WHAT THE TASK ASKS
Give the data below again exactly as it stands. Omit the pictures.

EXTRACTED INFORMATION
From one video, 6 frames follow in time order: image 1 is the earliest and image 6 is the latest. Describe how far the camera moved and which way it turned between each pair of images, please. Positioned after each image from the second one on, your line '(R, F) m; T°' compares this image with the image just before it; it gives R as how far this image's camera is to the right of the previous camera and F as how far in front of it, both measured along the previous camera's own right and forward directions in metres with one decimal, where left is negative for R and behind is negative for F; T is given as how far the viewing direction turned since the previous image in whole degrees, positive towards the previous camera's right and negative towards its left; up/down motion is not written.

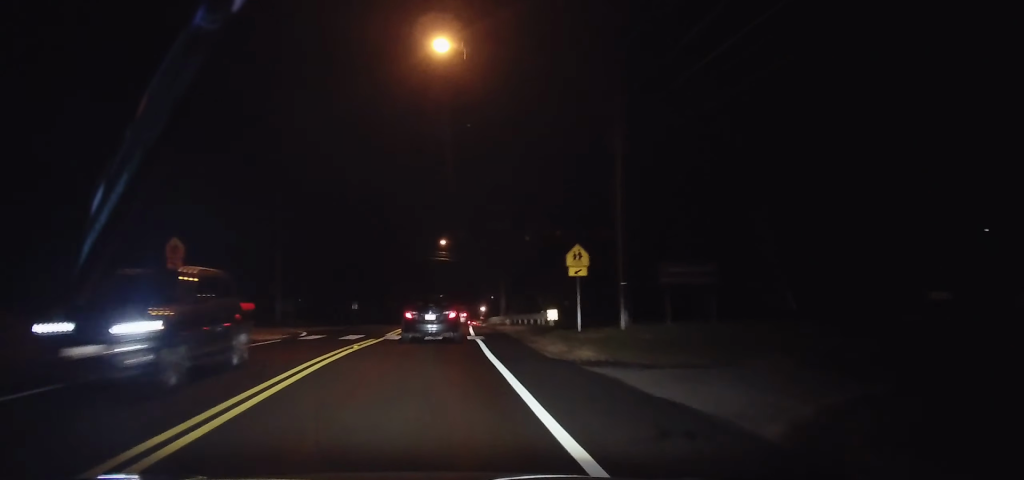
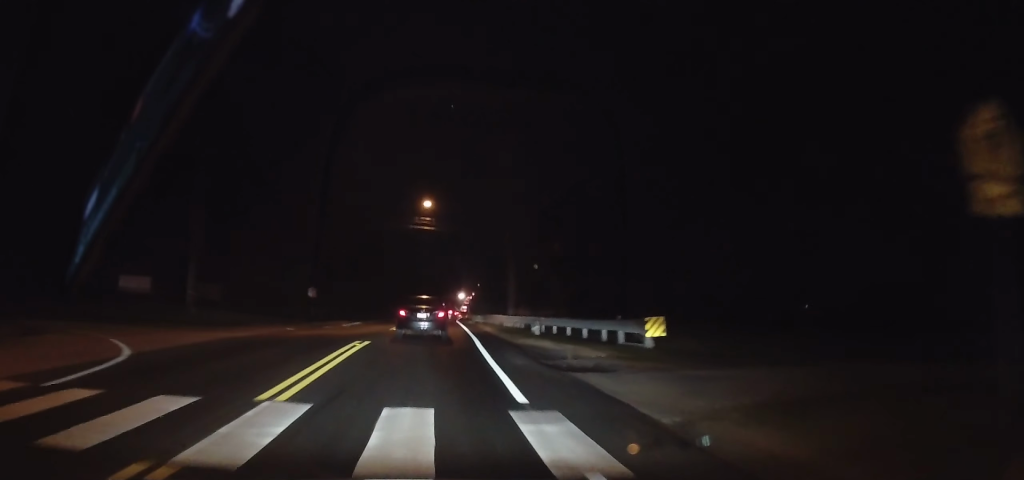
(+0.1, +17.3) m; 0°
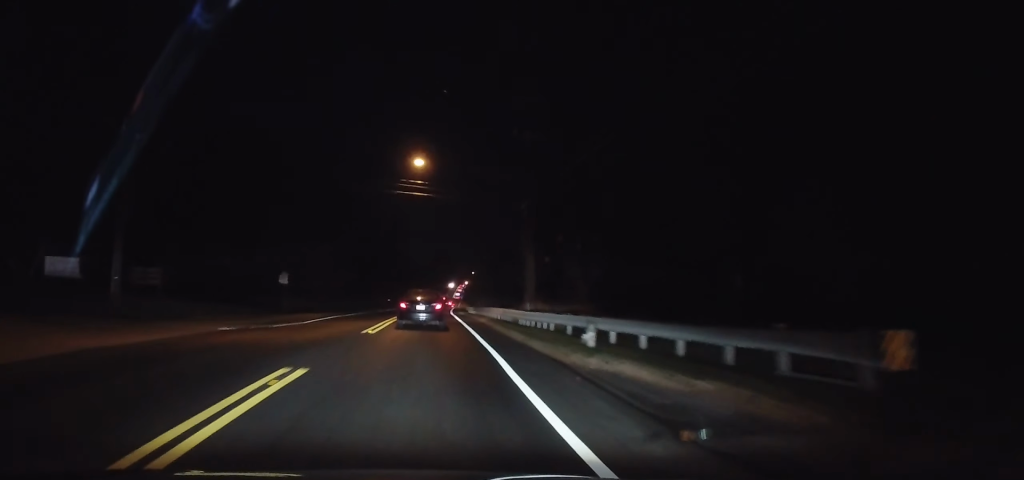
(-0.1, +9.6) m; +2°
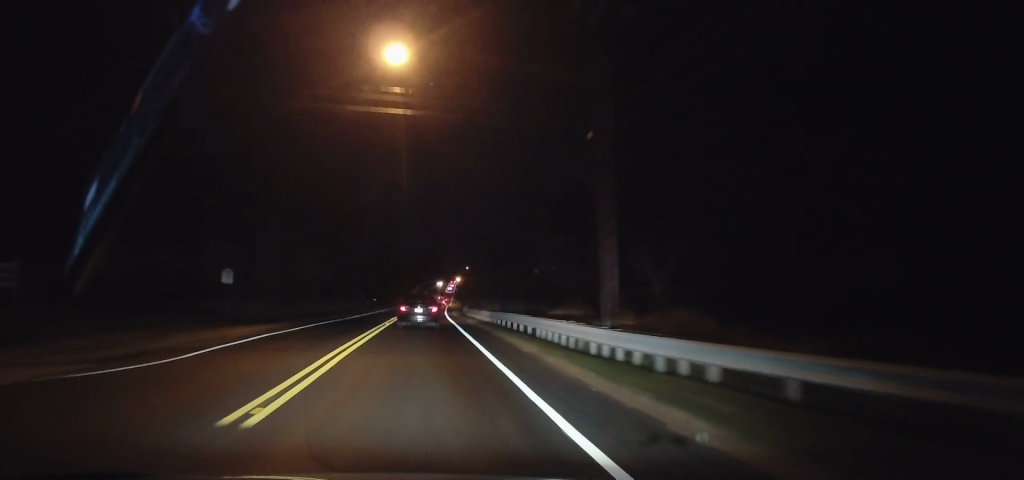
(+0.6, +13.7) m; +3°
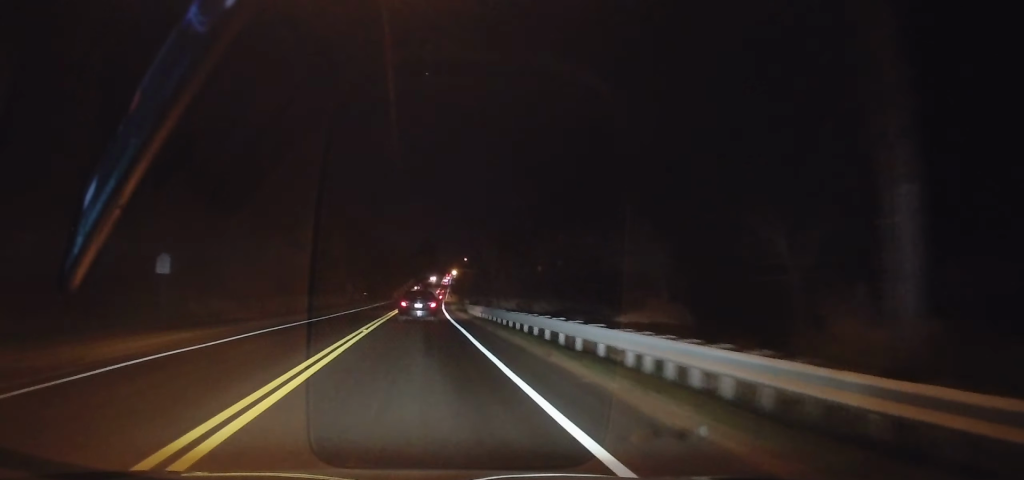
(-0.1, +10.2) m; -1°
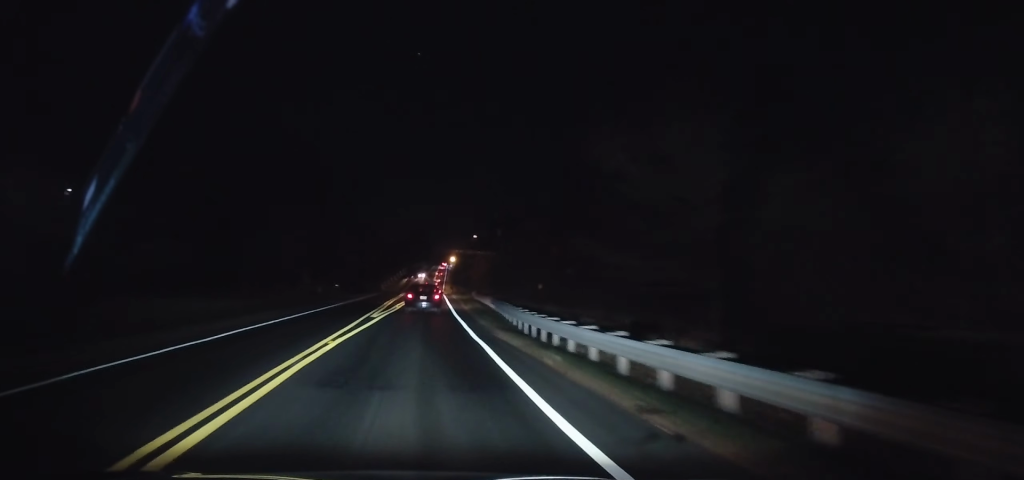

YOUR RESPONSE
From one video, 6 frames follow in time order: image 1 is the earliest and image 6 is the latest. Describe how far the camera moved and which way it turned between each pair of images, please. Positioned after each image from the second one on, your line '(R, F) m; T°' compares this image with the image just before it; it gives R as how far this image's camera is to the right of the previous camera and F as how far in front of it, both measured along the previous camera's own right and forward directions in metres with one decimal, where left is negative for R and behind is negative for F; T is given as how far the viewing direction turned since the previous image in whole degrees, positive towards the previous camera's right and negative towards its left; up/down motion is not written.

(+0.1, +17.3) m; 0°
(-0.1, +9.6) m; +2°
(+0.6, +13.7) m; +3°
(-0.1, +10.2) m; -1°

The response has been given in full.